Except for the fact that the original test case was more than sufficient to help identify the problem and included literally no snark, sure. You almost made the newline-as-the-issue identification during our IRC conversation, so the extra effort to convince you there was actually a problem is effectively wasted time, but it's cold out and I needed the space heater.
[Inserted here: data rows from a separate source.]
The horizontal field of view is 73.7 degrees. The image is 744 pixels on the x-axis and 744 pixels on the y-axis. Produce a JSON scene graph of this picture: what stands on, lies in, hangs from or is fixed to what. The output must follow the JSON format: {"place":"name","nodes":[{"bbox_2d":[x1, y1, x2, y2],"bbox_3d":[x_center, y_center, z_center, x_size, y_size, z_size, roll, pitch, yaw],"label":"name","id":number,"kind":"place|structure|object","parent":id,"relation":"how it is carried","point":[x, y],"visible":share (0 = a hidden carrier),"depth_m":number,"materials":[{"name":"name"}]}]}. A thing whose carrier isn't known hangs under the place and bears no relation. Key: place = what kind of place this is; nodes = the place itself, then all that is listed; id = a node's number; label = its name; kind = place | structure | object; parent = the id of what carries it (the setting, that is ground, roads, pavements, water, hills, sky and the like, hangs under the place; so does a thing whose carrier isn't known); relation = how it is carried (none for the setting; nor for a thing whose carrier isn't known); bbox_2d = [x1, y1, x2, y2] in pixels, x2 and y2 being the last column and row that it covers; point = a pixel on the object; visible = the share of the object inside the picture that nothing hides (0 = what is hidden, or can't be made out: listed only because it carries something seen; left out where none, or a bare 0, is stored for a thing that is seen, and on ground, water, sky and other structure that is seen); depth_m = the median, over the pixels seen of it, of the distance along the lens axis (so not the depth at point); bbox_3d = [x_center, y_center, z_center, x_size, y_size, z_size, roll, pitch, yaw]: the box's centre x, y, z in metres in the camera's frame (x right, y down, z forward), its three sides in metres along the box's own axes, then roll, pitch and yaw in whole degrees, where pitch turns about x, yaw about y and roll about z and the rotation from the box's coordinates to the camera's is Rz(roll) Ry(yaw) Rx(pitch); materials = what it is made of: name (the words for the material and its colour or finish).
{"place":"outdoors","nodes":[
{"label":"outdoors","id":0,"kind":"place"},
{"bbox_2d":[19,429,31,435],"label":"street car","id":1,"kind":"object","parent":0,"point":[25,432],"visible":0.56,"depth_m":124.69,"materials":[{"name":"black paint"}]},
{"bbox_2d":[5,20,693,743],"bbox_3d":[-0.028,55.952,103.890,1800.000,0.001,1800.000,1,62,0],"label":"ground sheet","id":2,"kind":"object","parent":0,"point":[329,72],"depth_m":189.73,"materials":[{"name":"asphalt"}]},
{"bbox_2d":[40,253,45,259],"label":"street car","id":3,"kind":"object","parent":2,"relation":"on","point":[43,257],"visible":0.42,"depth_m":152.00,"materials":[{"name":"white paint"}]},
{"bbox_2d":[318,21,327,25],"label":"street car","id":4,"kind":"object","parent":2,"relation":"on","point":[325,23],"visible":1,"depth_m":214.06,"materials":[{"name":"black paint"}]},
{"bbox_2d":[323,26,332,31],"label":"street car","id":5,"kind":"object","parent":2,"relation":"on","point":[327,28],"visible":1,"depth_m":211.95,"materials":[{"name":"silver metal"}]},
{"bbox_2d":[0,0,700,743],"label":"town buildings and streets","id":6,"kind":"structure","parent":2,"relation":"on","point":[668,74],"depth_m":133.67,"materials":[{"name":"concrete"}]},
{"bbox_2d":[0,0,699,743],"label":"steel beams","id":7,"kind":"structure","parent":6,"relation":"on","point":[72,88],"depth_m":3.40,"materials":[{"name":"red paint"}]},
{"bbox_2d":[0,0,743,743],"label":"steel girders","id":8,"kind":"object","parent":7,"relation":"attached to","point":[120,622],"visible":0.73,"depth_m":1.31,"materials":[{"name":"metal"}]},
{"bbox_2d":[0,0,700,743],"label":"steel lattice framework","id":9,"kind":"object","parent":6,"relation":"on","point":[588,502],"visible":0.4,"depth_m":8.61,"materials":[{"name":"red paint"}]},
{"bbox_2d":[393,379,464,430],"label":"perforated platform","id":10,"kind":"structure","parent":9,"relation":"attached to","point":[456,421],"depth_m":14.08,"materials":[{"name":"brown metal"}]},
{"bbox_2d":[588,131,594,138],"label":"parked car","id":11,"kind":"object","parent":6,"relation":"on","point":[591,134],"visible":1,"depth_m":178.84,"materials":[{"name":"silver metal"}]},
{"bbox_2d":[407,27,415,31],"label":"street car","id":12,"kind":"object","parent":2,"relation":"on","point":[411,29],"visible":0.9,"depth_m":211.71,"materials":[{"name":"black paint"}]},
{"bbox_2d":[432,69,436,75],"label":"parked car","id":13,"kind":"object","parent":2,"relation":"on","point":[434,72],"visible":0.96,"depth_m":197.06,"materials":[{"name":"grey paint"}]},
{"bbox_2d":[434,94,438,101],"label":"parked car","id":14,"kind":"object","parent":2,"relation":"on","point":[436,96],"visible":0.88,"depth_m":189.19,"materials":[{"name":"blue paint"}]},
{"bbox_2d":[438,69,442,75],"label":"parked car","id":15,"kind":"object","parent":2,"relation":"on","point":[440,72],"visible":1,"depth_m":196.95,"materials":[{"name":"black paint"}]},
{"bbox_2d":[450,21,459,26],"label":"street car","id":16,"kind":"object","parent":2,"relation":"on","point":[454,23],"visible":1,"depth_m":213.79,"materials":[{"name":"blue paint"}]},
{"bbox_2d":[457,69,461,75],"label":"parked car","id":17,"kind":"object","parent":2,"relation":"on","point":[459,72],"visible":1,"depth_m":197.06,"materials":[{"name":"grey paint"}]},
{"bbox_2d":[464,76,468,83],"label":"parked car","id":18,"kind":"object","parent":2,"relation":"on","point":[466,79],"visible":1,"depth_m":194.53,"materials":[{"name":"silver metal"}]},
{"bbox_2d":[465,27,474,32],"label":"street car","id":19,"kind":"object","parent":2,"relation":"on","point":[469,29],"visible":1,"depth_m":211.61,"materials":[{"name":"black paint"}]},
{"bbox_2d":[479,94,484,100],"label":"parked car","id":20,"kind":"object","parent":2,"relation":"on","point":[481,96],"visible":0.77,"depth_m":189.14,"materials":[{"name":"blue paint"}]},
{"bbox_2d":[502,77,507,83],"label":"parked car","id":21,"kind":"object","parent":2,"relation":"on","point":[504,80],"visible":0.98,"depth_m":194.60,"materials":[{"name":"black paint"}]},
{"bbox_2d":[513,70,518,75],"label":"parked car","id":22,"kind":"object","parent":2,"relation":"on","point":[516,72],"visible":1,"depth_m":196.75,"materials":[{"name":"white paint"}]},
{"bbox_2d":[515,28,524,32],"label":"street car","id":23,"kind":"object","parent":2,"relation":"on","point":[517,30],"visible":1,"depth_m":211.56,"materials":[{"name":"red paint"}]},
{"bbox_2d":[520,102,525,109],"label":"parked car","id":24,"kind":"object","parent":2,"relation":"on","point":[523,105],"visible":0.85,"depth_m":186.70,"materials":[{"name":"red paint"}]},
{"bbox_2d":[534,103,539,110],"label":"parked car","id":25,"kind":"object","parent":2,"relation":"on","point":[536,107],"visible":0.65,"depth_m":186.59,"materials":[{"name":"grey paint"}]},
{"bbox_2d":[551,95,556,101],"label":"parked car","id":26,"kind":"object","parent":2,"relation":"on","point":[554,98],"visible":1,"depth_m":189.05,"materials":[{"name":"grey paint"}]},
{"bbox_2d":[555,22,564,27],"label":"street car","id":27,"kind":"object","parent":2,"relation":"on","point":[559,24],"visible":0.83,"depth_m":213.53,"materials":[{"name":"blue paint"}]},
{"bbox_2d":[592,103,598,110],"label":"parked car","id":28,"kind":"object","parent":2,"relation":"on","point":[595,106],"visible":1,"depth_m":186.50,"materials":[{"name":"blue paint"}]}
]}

I'm aware of solutions like Bleach, and yes, we do run some sanitization on user input. We must balance our sanitization routines against the fact that we accept data from a number of unusual sources including automated systems (mmm, IBM XML is atrocious) and can't simply throw away "bad user input" while expecting to keep the client. Law 36: Practicality beats purity.
Absolutely none of this "it hurts when I do this, so don't do it" nonsense is helpful in the face of a clear fault in your codebase. But, the attitudes and philosophies demonstrated are excellent encouragement to look for other solutions.
Please be aware of your tone when reporting issues.
Re-read the first post. Please be aware of your tone when responding to issues; you wouldn't have edited your reply after, as I edited my reply, if we didn't agree on this point, no? If I had that data at the time, it would have been provided. Amongst my circle of peers, I'm not the only one who found the initial response baffling, either.
Because he chimed in, you now have a means to test improvements to your system.
I don't even know what you are referring to. ¯_(ツ)_/¯
I'm done with this ticket. I do sincerely hope the codebase improves for those who continue using it.